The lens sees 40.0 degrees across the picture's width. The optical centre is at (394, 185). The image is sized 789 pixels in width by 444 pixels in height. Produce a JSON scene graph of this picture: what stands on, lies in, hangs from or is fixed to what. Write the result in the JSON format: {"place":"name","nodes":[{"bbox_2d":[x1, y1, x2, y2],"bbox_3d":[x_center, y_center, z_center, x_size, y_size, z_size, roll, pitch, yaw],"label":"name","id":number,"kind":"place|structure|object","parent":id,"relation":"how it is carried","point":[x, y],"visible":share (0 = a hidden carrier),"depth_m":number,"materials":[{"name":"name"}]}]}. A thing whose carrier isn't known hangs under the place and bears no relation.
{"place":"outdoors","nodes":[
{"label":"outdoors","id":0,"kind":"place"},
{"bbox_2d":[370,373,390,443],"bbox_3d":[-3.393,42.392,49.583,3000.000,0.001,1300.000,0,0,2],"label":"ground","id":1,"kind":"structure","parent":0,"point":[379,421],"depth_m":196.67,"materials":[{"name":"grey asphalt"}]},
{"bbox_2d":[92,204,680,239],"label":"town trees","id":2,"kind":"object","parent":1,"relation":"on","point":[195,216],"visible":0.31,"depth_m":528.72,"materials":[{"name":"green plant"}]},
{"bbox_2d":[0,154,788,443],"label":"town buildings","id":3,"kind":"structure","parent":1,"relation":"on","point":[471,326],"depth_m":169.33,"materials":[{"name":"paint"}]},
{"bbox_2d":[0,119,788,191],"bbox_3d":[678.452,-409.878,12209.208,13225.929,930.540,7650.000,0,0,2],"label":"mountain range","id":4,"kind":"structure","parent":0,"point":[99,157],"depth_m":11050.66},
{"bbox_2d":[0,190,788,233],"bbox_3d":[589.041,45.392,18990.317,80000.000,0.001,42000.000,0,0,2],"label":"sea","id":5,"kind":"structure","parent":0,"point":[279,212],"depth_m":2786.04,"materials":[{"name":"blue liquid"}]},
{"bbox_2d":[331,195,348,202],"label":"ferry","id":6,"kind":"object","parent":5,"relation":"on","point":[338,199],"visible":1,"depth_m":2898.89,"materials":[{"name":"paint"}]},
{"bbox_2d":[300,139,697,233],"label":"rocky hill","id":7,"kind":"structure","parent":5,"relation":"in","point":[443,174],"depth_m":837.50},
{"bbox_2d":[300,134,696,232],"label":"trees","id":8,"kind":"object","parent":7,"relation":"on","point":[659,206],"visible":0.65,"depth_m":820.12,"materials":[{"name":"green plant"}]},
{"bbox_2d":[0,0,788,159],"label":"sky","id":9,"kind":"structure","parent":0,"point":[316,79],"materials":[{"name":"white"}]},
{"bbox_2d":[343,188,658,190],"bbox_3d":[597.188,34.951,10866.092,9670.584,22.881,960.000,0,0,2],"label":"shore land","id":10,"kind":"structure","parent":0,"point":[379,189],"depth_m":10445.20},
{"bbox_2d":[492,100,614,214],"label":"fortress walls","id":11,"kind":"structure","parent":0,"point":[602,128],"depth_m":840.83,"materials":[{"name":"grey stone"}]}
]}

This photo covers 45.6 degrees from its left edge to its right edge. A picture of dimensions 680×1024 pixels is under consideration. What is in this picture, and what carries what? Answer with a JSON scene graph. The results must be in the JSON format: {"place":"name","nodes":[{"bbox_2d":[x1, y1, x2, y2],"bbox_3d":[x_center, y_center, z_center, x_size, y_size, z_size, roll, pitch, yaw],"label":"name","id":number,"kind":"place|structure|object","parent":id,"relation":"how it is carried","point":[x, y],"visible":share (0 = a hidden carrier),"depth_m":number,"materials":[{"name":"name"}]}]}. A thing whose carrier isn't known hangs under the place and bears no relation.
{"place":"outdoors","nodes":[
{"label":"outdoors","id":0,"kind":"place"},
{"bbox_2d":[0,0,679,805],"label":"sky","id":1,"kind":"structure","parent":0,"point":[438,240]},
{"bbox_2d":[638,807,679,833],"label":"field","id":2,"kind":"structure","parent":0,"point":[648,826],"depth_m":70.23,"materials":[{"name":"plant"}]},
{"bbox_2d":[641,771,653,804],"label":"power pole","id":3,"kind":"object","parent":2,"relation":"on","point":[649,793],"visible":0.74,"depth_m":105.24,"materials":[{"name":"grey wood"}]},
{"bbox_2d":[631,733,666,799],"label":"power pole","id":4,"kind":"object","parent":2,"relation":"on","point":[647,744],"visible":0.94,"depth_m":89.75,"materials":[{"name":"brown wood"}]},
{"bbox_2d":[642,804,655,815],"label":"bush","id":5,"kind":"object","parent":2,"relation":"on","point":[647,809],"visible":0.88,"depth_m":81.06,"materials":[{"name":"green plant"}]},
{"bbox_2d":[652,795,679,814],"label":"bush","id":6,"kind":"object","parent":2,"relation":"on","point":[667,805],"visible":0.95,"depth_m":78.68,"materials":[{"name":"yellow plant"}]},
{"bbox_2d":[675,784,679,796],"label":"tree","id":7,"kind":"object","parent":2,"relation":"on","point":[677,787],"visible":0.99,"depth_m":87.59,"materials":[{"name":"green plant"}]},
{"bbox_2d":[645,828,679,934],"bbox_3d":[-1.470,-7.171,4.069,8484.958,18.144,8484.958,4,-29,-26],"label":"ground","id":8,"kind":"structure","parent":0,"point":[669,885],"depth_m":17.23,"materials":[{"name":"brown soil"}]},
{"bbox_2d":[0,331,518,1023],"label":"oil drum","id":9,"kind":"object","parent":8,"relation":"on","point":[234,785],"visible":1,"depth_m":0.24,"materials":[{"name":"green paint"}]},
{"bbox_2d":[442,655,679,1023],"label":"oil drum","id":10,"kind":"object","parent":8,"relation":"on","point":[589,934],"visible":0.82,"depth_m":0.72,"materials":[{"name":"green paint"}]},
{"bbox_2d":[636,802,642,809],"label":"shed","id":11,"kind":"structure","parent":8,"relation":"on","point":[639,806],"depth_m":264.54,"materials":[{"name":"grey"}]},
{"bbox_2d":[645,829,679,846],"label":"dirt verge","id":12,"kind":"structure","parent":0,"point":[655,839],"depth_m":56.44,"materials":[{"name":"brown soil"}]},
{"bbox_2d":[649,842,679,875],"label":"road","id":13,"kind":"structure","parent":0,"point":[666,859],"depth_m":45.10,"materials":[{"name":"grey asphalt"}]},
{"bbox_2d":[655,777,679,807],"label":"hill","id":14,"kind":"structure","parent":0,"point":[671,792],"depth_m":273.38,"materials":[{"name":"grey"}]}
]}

· · · · ·

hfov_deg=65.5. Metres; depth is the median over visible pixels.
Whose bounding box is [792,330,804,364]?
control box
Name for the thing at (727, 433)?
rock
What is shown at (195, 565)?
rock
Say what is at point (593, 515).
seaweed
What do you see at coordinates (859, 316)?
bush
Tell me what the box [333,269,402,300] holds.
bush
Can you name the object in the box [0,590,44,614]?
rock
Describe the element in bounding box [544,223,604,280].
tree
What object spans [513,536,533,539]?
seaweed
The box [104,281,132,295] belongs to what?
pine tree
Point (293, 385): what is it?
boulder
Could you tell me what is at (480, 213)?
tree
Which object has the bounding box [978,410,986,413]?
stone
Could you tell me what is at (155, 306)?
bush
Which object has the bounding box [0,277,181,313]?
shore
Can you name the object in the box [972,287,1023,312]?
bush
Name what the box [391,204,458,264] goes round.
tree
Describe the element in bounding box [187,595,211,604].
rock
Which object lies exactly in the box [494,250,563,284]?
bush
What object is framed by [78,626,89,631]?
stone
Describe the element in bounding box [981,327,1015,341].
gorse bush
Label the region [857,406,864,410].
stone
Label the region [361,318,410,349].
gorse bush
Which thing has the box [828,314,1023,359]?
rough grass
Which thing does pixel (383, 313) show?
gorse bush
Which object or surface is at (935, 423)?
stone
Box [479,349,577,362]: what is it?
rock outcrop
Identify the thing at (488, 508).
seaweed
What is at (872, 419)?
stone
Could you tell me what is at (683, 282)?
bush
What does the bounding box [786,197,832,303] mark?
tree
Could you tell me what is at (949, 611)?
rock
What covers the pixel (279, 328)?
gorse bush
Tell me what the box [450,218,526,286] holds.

· · · · ·

Exercise requirements. Above are the records; repeat exactly the lines from the one holding "What object spans [513,536,533,539]?" down to the one holding "Tell me what the box [450,218,526,286] holds.", end lines included.

Output.
What object spans [513,536,533,539]?
seaweed
The box [104,281,132,295] belongs to what?
pine tree
Point (293, 385): what is it?
boulder
Could you tell me what is at (480, 213)?
tree
Which object has the bounding box [978,410,986,413]?
stone
Could you tell me what is at (155, 306)?
bush
Which object has the bounding box [0,277,181,313]?
shore
Can you name the object in the box [972,287,1023,312]?
bush
Name what the box [391,204,458,264] goes round.
tree
Describe the element in bounding box [187,595,211,604].
rock
Which object lies exactly in the box [494,250,563,284]?
bush
What object is framed by [78,626,89,631]?
stone
Describe the element in bounding box [981,327,1015,341].
gorse bush
Label the region [857,406,864,410].
stone
Label the region [361,318,410,349].
gorse bush
Which thing has the box [828,314,1023,359]?
rough grass
Which thing does pixel (383, 313) show?
gorse bush
Which object or surface is at (935, 423)?
stone
Box [479,349,577,362]: what is it?
rock outcrop
Identify the thing at (488, 508).
seaweed
What is at (872, 419)?
stone
Could you tell me what is at (683, 282)?
bush
What does the bounding box [786,197,832,303] mark?
tree
Could you tell me what is at (949, 611)?
rock
What covers the pixel (279, 328)?
gorse bush
Tell me what the box [450,218,526,286] holds.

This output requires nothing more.